If that made no sense, here’s a picture from when we were just starting to put furniture in.
After we put in the bed, the rest of the space planning puzzle pieces started to fall into place. A major parameter of our French house is that there are no closets. None. So clothing storage rose to the next top priority: we needed at least one armoire.
The walls large enough for an armoire, and without door clearance, were on the third wall to the left of the fireplace, and on the fourth wall to the right of the window.
With sleeping and getting dressed sorted, the next priority was somewhere to work since our house is kind of under construction and the bedroom is the only zen space where we can get computer work done. It’s nice to have a desk facing a window, so that’s where I put it. It’s out of the way of the door clearance of both the main door and the armoire doors. (And low enough that the French window clears it, since the two halves open to the inside. So much clearance to worry about!)
Finally, we plugged in some lamps and hung some art.
I’m not saying this is the most beautifully designed room ever; it’s very much a work in progress and my focus was on making it serviceable as quickly as possible. It needs a fresh coat of paint or wallpaper, the floors need properly sanded and finished, the windows need curtains, the rugs need switched out for better-fitting, more permanent solutions. And it needs a comfortable chair and ottoman, perhaps to the right of the fireplace, to sit and read.

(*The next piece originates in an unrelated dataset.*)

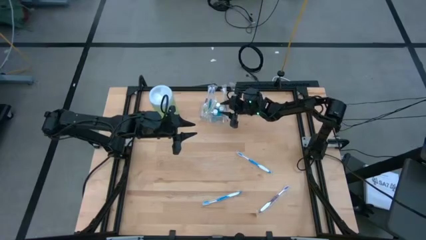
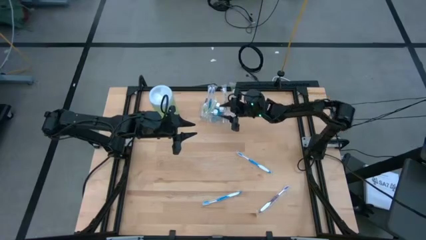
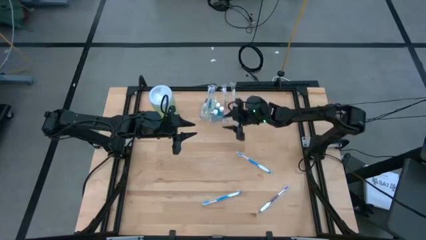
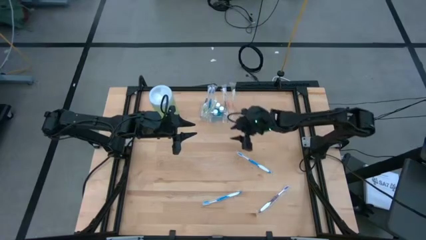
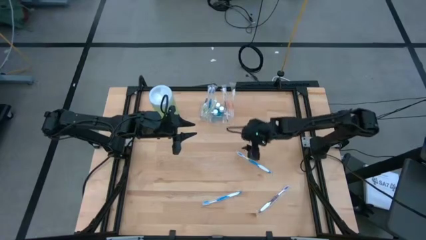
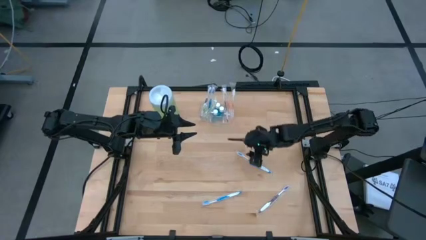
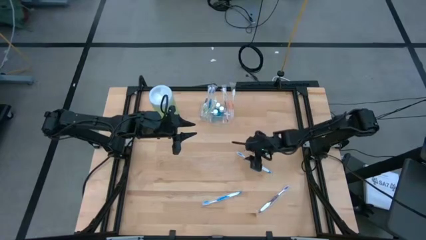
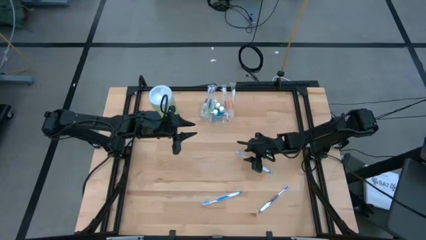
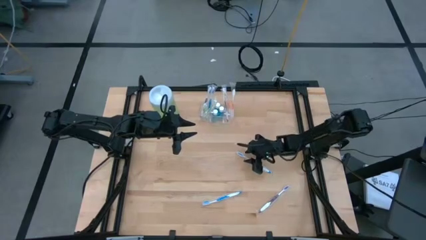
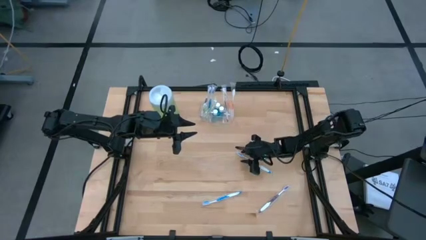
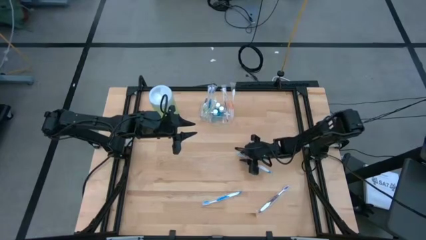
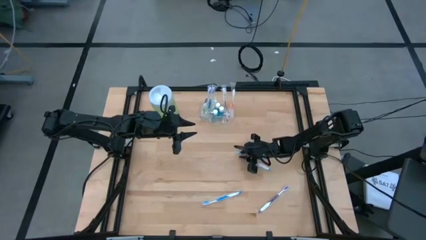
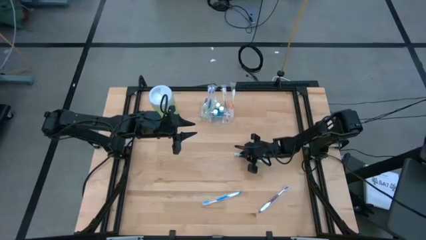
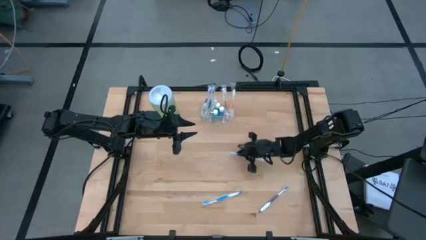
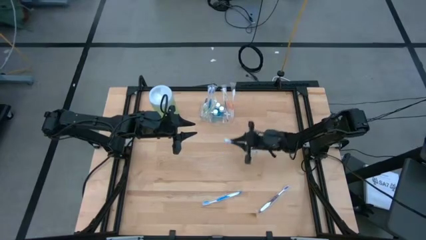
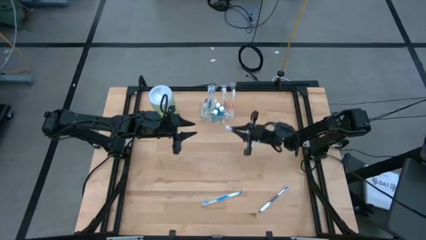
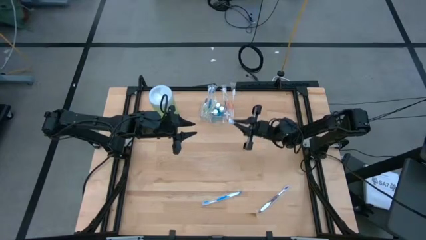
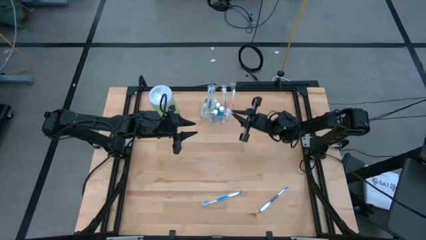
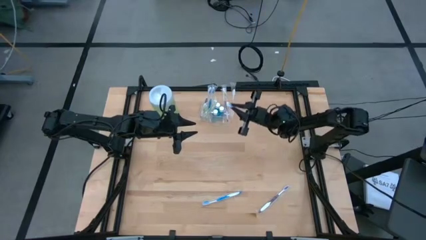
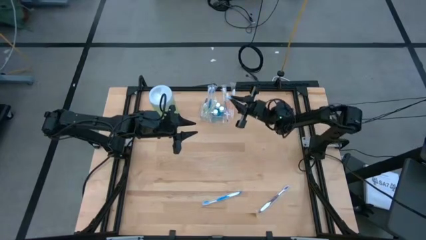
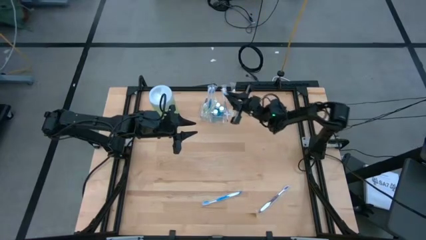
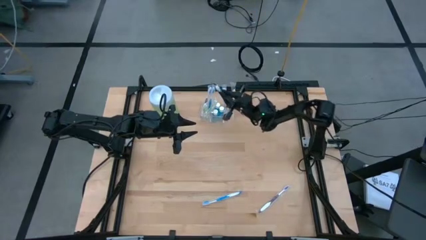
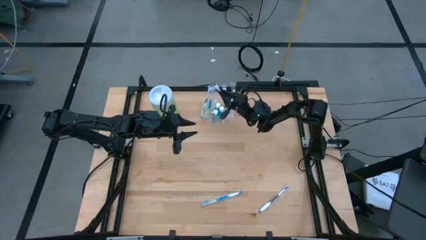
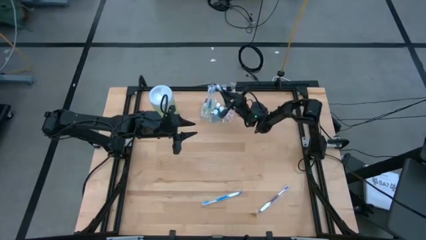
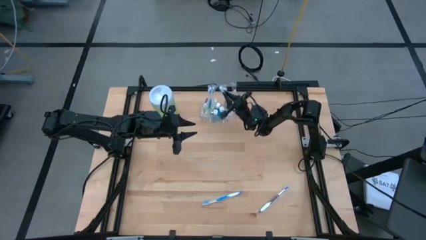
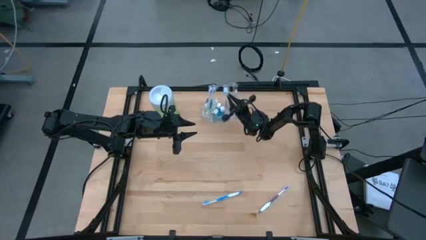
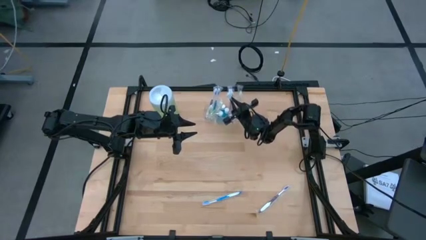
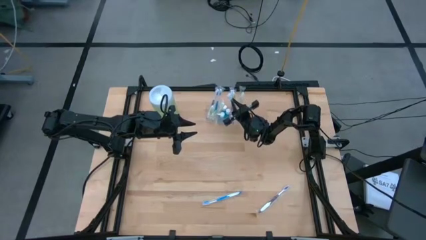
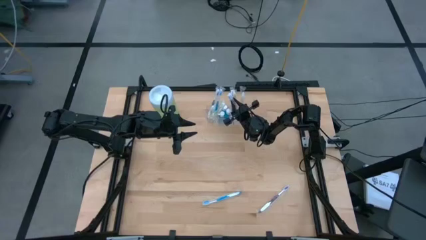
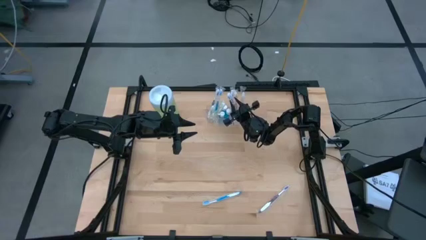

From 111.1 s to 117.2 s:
Put the top blue toothbrush into the transparent organizer

We might even get a new bed. All the individual pieces of furniture can be swapped out (except the armoires; those are incredibly hard to move, lol) but the space planning will essentially stay the same now.
I threw together the elevations of the four walls to give you a visual; Joseph and other professional designer friends, if you’re reading this, don’t laugh. The listed dimensions mean nothing; ignore them.
So that’s the bedroom in France!
To quickly run through the space planning decisions in my living/dining room in Boston, the biggest parameter, the “thing that couldn’t go anywhere else” was that the dining table and chairs had to be in front of the windows, by the kitchen. (Being able to seat 6 people for dinner in my tiny space was a high priority, and there was only one place with the chair clearance to make that possible, if still tight.) The next priority was the baker’s rack, which could either go to the left or right of the fireplace. Since I was going to use it to store dishes and cookbooks, the right of the fireplace made the most sense. Then, a sofa facing the fireplace made sense, with a coffee table between. Next, the chest of drawers could either go to the left of the fireplace or the perpendicular short wall. I have tried both spots and ultimately decided the room feels more balanced and larger to me with it on the perpendicular wall. Check out this post to see visuals, and the evolution from move-in.
I think that’s all I have to say on the subject today! This obviously stops short of actually decorating a room: no choices about color, texture, material, pattern, etc. come up in the space planning step. But the intention was to keep it big picture, so hopefully I achieved that.
Let me know… was this helpful? Do you go about space planning differently?